- [The data]
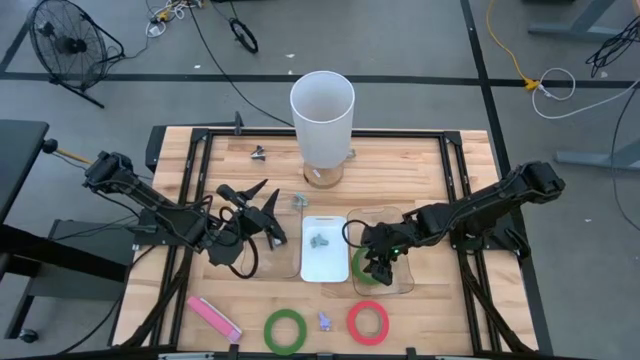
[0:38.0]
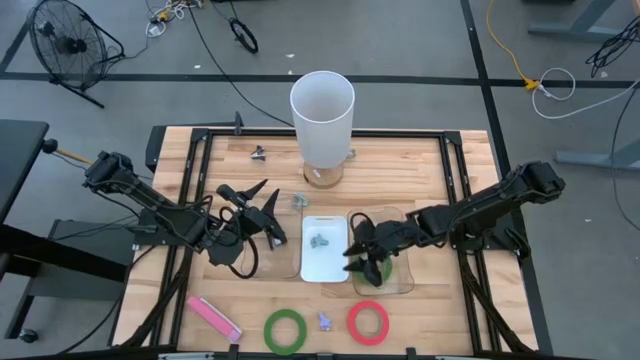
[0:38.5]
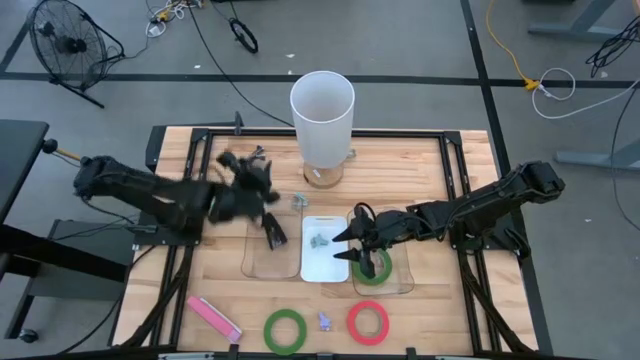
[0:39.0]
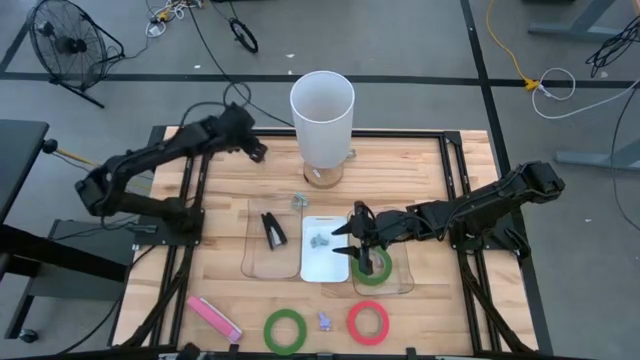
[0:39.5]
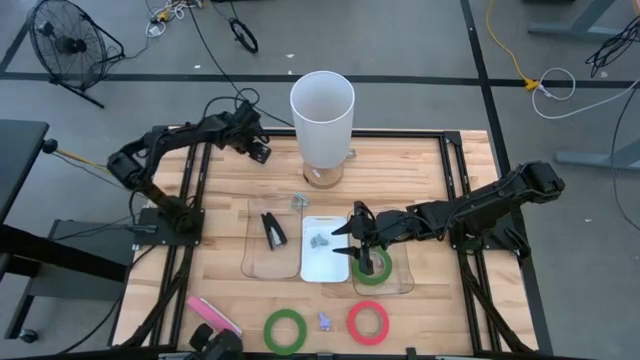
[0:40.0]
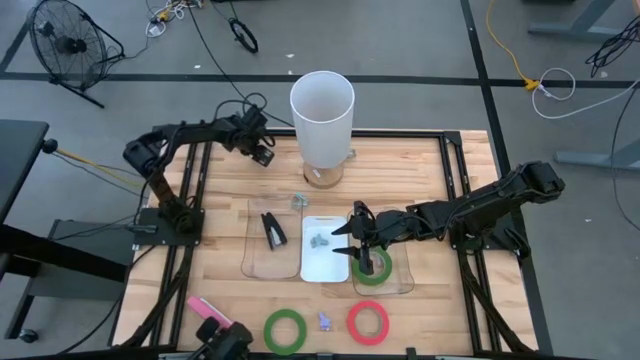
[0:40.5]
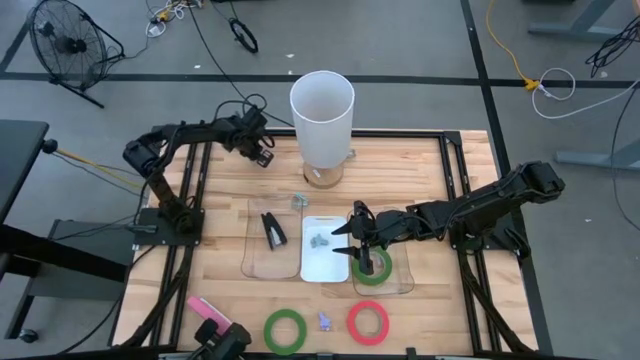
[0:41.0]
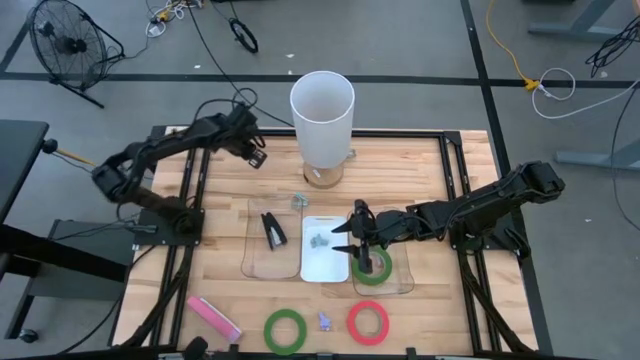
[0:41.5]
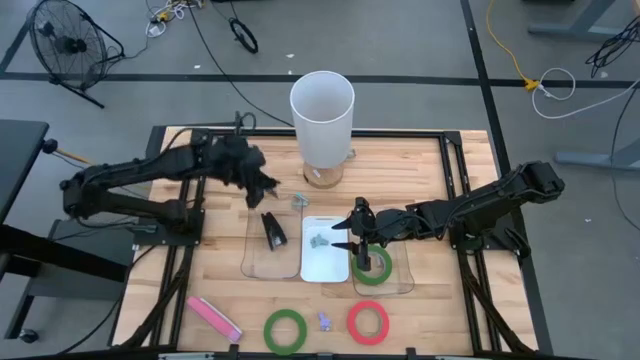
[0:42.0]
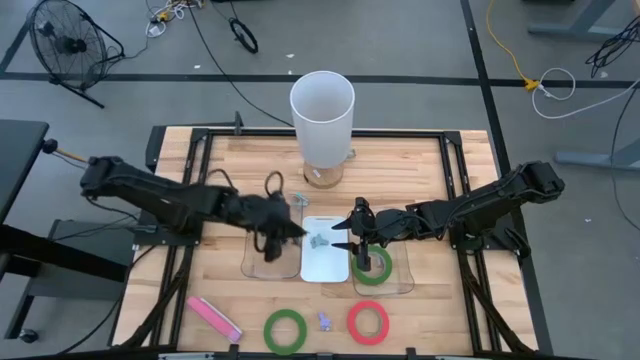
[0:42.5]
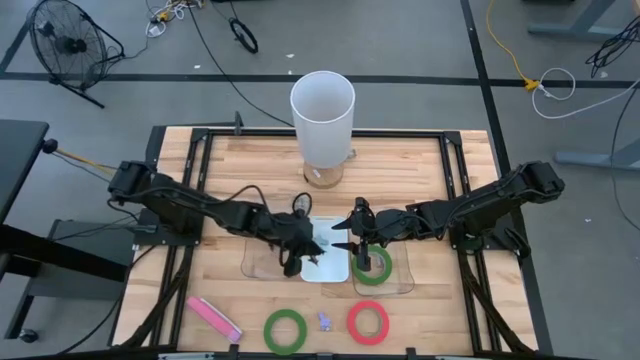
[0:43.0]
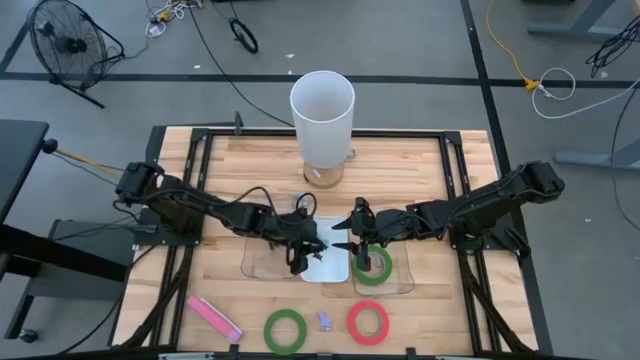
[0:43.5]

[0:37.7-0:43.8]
Put the black staple remover into the white bin

- [Problem to work on] The expected result is the data above in exact form, free of pictures.

- [Completed exercise]
[0:38.0]
[0:38.5]
[0:39.0]
[0:39.5]
[0:40.0]
[0:40.5]
[0:41.0]
[0:41.5]
[0:42.0]
[0:42.5]
[0:43.0]
[0:43.5]

[0:37.7-0:43.8]
Put the black staple remover into the white bin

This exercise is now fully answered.